Gao Seratus Miliar meringis, mengatur napas sampai rasa sakitnya berkurang, lalu memeriksa botol airnya masih utuh dan merasa lega. Ia melihat Long Ye memegang tongkat cahaya, lalu bertanya heran, “Kamu masih punya benda begitu?”
Long Ye mendekati patung raksasa setinggi tiga meter dan mengamati, “Sebagai petualang, ini perlengkapan dasar.”
Gao Seratus Miliar memandang patung batu yang tinggi dan licin, “Jadi memanjat itu juga keahlian wajibmu, tugas mengisi air aku serahkan padamu.”
“Lalu kamu turun ke sini untuk apa?” tanya Long Ye pada Gao Seratus Miliar.
Gao Seratus Miliar berpikir sejenak, “Karena aku orang yang disebut dalam ramalan.”
“Jadi, tugas mengisi air tetap milikmu,” kata Long Ye.
Gao Seratus Miliar merengut, “Masalahnya aku tidak bisa naik, kamu bisa melakukan trik seperti Yang Yue, membuat tangga batu?”

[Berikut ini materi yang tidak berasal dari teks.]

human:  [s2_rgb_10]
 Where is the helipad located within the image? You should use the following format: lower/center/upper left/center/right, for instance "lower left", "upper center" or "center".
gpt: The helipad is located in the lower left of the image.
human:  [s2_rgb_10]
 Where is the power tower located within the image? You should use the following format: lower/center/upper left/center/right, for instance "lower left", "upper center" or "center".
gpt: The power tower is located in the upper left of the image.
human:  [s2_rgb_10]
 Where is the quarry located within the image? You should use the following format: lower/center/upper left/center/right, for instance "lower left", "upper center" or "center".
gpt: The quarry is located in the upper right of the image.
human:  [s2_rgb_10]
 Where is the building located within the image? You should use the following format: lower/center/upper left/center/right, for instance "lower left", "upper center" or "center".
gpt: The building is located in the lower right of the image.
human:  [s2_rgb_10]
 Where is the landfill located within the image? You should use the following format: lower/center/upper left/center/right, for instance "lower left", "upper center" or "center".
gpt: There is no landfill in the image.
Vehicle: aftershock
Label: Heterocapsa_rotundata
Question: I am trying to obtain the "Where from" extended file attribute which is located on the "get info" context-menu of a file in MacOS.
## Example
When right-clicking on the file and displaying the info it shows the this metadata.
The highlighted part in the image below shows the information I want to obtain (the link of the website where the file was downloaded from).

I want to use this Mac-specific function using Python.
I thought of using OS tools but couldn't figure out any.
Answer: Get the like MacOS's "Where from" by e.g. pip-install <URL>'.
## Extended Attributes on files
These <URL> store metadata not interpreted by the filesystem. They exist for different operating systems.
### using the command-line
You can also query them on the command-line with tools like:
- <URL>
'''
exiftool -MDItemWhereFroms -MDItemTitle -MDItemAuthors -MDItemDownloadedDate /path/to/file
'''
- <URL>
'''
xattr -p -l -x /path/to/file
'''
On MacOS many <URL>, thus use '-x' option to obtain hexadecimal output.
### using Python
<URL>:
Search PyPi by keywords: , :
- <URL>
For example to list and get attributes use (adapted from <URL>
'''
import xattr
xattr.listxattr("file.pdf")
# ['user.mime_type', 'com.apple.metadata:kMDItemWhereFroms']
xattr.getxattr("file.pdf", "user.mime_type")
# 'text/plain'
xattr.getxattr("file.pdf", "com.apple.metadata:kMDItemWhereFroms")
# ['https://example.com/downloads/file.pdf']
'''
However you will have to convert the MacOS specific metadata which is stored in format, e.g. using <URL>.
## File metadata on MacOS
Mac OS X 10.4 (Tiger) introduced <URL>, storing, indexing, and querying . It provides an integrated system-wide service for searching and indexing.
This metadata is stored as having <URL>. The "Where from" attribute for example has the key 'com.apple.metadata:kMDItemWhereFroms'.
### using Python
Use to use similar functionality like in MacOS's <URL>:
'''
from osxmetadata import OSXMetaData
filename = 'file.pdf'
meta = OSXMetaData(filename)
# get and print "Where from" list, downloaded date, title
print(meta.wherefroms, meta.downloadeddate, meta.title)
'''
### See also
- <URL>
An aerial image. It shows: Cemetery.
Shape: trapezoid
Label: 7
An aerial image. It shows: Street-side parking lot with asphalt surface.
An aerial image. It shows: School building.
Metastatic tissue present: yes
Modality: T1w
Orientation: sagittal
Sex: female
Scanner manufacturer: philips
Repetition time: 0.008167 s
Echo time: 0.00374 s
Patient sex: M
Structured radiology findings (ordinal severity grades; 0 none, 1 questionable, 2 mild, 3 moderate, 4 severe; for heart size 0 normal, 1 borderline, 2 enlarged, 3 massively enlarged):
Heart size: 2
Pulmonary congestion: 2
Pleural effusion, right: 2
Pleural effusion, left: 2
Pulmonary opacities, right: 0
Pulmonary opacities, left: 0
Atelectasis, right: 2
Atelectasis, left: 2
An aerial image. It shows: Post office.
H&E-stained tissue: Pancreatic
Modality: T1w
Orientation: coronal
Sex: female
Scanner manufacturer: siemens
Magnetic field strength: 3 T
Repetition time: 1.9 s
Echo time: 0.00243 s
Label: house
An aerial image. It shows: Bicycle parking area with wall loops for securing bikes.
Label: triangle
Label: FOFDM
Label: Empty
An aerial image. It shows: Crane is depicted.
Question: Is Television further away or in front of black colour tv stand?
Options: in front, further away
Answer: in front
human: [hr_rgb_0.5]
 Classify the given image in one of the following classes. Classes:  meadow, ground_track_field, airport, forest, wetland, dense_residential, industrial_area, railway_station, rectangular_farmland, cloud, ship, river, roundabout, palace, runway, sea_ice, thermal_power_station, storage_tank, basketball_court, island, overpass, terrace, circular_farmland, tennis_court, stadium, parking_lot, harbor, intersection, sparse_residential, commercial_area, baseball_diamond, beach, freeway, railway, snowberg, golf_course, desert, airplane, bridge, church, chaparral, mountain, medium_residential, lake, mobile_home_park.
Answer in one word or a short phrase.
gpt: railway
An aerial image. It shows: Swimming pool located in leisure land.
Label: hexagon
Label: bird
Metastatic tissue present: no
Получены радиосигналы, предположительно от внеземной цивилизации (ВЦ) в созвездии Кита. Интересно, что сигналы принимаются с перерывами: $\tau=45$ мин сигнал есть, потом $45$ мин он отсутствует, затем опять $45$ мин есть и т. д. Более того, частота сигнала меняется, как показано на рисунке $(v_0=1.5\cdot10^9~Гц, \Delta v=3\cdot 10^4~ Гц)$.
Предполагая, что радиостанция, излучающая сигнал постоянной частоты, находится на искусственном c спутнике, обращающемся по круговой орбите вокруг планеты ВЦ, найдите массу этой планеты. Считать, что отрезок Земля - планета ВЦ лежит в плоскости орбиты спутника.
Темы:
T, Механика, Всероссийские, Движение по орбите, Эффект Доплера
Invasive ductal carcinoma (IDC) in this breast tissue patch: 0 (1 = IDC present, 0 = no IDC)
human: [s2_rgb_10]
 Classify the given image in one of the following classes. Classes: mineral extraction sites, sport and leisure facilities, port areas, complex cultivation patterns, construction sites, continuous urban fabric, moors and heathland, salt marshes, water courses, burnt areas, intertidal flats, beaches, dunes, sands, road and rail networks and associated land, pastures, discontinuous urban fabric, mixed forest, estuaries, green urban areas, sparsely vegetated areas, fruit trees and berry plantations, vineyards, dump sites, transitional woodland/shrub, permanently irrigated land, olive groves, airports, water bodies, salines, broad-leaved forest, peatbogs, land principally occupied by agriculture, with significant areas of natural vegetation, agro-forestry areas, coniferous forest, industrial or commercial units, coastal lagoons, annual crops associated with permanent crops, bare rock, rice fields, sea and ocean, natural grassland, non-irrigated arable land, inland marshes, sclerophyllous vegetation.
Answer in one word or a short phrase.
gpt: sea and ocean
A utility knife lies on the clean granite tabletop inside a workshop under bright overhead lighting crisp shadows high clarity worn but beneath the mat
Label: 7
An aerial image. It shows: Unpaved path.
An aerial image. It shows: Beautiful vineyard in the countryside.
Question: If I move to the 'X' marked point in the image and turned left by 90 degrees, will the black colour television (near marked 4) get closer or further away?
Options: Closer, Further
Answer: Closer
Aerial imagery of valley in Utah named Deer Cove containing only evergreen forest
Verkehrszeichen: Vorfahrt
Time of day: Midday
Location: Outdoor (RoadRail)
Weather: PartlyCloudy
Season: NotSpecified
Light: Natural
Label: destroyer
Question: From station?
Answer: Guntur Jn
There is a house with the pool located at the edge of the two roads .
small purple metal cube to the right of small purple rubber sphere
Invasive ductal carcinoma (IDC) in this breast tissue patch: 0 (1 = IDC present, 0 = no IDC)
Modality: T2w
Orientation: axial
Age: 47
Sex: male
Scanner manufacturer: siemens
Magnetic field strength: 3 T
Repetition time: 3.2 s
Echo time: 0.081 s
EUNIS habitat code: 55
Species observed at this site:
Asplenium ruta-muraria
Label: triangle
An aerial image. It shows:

“Tidak bisa, aku bukan pengguna sihir,” jawab Long Ye.
“Kenapa jawabannya begitu tegas, kamu harus cari solusi untukku!” kata Gao Seratus Miliar.
“Mengisi air memang tugasmu, aku tidak bisa menggantikanmu,” balas Long Ye.
Gao Seratus Miliar cemberut, “Lantas kamu turun ke sini buat apa?”
“Aku… aku membantumu menyelesaikan tugas,” Long Ye akhirnya sadar ia harus mencari cara agar Gao Seratus Miliar bisa naik.
“Kamu akhirnya tahu peranmu,” Gao Seratus Miliar menghela napas.
Long Ye pasrah, lalu menundukkan badan dan menopang patung dengan kedua tangannya, “Sudah, pijak saja punggungku. Kalau masih tidak bisa, berarti kamu memang terlalu pendek.”
“Aduh,” Gao Seratus Miliar perlahan naik ke punggung Long Ye, “Ini cara memperlakukan anak pilihan?”
Long Ye menguap, “Aku cuma kerja sesuai bayaran.”
“Berapa Yang Yue bayar kamu?” Gao Seratus Miliar bertanya penasaran sambil berdiri di atas bahu Long Ye dan memegang patung.
“Tiga ratus per hari,” jawab Long Ye, lalu dengan sedikit marah, “Jangan injak kepalaku!”